Prime Minister John Howard yesterday apologized to Australia's Vietnam War veterans for the lack of respect they were shown for serving in the conflict.
Speaking at a ceremony commemorating the 40th anniversary of one of the deadliest battles involving Australians in Vietnam, Howard said Australia was slow to recognize the psychological strain that many veterans suffered after serving in the war, which was highly unpopular at the time.
"We're very conscious of the lingering impact of that psychological strain," Howard said a the Vietnam War memorial in Canberra.
Australia was "not as grateful and respectful as it should have been 40 years ago," he said.
"Let me say to all of you ... that your nation honors you, your nation respects you and your nation thanks you for your courage and your commitment," he said.
On Thursday, Howard told parliament that Australia had failed to support its Vietnam veterans.
"They are owed our apology and our regrets for that failure," he said. "The very least we can do on this 40th anniversary is to acknowledge that fact."
Commemoration ceremonies were held across Australia yesterday to mark four decades since the battle of Long Tan, when a group of 108 Australian forces fought against some 2,500 enemy forces in a rubber plantation near a village of that name.

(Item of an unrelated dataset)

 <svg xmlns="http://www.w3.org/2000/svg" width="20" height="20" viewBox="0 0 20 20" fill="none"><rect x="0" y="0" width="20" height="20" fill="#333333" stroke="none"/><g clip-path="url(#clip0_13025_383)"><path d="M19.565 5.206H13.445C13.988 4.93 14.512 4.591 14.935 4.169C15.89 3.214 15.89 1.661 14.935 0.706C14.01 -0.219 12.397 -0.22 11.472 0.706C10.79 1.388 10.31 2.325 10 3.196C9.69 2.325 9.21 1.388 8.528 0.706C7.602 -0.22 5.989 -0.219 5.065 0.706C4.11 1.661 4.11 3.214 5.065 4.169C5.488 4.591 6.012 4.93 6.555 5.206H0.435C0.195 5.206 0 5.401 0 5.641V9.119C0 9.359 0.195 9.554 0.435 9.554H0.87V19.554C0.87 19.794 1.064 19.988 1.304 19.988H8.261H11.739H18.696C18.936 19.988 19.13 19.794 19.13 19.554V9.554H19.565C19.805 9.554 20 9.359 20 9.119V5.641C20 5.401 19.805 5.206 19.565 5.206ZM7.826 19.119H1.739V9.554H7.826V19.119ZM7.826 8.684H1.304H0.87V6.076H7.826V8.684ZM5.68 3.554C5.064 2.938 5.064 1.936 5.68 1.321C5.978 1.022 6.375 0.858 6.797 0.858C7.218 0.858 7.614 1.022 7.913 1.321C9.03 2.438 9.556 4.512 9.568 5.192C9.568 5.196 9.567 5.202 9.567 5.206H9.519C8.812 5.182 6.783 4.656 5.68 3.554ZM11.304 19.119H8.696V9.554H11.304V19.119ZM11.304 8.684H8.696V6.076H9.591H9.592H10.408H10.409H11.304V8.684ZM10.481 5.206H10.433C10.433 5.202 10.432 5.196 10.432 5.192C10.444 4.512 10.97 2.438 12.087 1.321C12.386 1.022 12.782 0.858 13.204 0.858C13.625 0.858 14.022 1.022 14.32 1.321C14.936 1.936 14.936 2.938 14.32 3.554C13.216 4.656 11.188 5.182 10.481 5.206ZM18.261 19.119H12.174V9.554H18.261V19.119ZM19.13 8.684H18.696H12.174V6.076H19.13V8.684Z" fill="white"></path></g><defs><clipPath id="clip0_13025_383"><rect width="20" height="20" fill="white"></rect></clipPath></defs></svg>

Eighteen Australians died and at least two dozen more were wounded at Long Tan, one of the bloodiest battles in Australia's decade-long involvement in Vietnam. More than 500 Australians were killed in the conflict.
Howard said the 59,000 Australians who served in the conflict had not received the recognition they deserved on their return.
The former head of Australia's defense force, General Peter Cosgrove, echoed Howard's sentiment yesterday, saying on the Nine television network that many returning veterans were "not only ignored but actually vilified."